[AVAILABLE DATA]
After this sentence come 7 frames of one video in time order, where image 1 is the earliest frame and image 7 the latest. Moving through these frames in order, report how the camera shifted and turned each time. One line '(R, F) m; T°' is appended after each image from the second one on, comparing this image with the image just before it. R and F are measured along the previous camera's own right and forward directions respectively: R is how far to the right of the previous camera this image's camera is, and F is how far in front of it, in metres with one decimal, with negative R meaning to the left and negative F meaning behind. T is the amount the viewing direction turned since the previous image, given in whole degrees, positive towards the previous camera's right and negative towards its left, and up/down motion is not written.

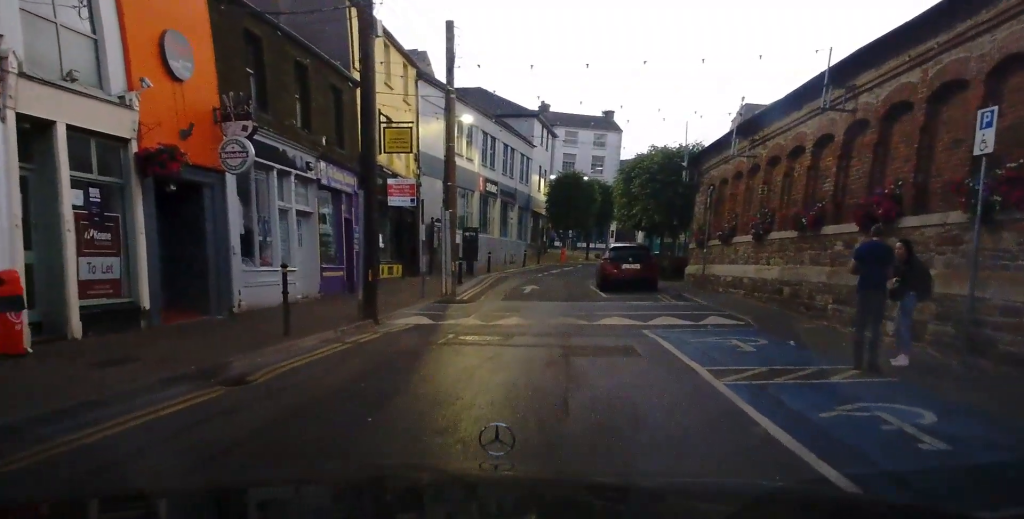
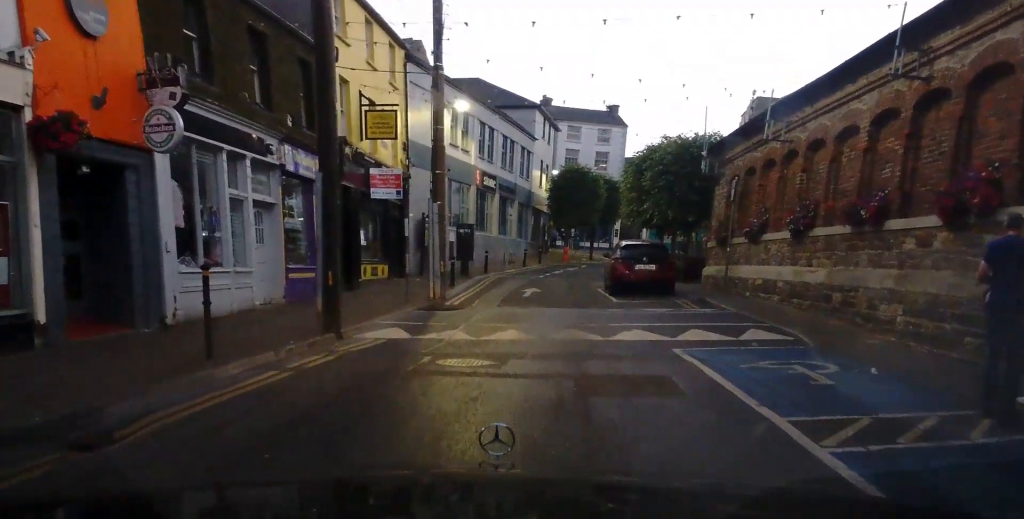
(0.0, +2.9) m; 0°
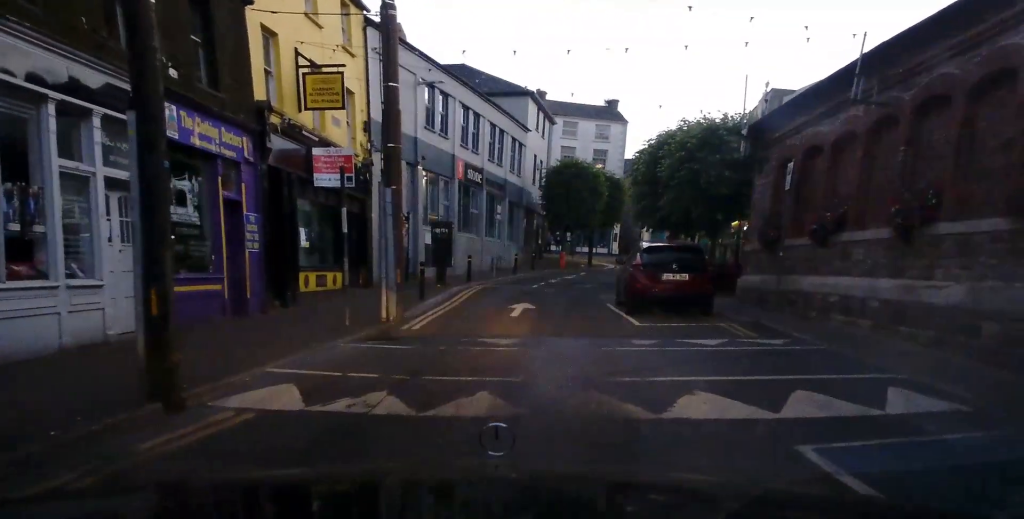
(0.0, +5.5) m; -5°
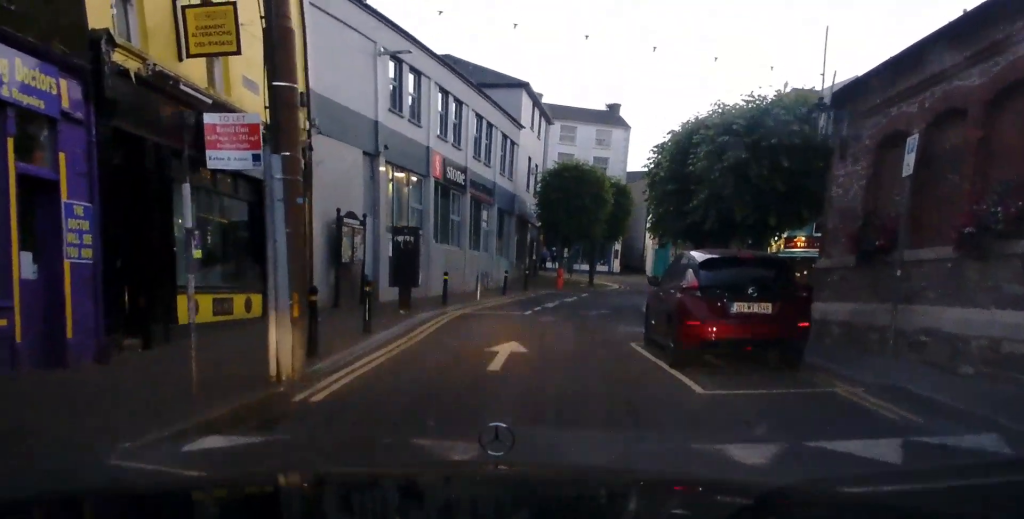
(-0.2, +6.0) m; +7°
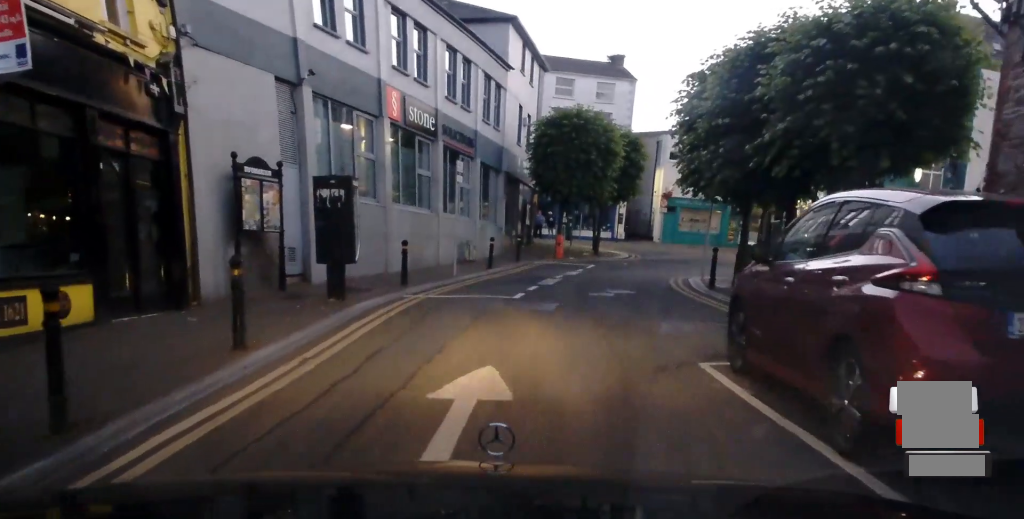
(+0.6, +6.0) m; 0°
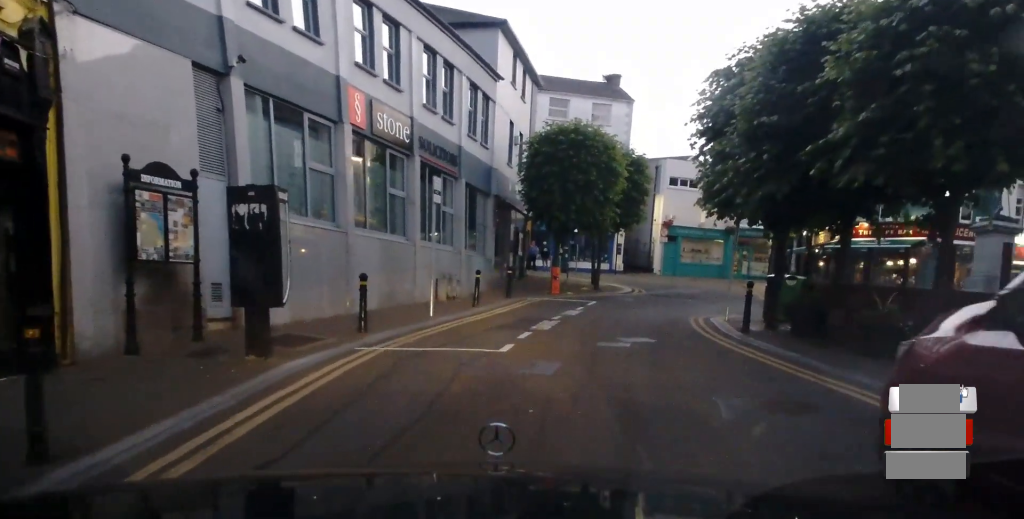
(-0.2, +3.7) m; -3°
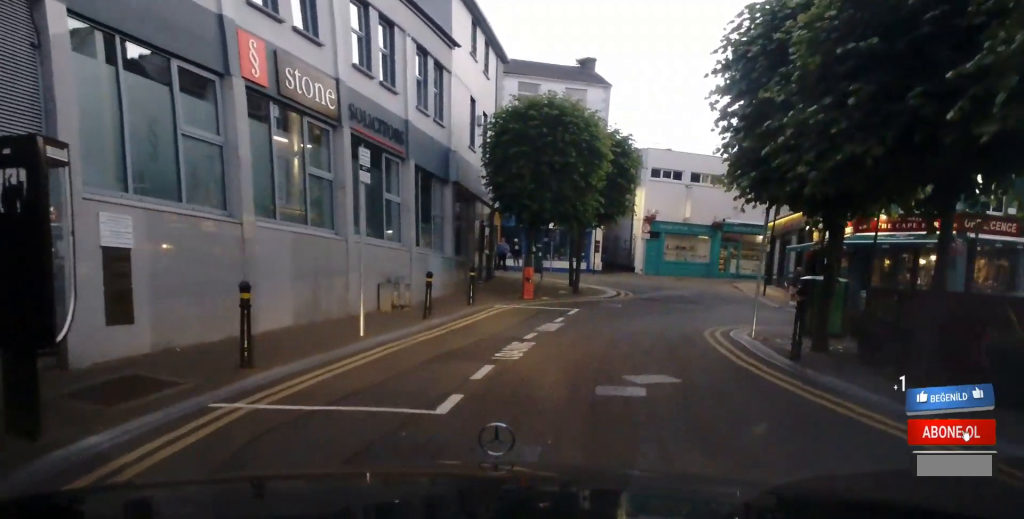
(0.0, +4.4) m; +6°

[EXERCISE INSTRUCTIONS] Give back the full listing exactly, with pictures dropped.

[TASK ANSWER]
After this sentence come 7 frames of one video in time order, where image 1 is the earliest frame and image 7 the latest. Moving through these frames in order, report how the camera shifted and turned each time. One line '(R, F) m; T°' is appended after each image from the second one on, comparing this image with the image just before it. R and F are measured along the previous camera's own right and forward directions respectively: R is how far to the right of the previous camera this image's camera is, and F is how far in front of it, in metres with one decimal, with negative R meaning to the left and negative F meaning behind. T is the amount the viewing direction turned since the previous image, given in whole degrees, positive towards the previous camera's right and negative towards its left, and up/down motion is not written.

(0.0, +2.9) m; 0°
(0.0, +5.5) m; -5°
(-0.2, +6.0) m; +7°
(+0.6, +6.0) m; 0°
(-0.2, +3.7) m; -3°
(0.0, +4.4) m; +6°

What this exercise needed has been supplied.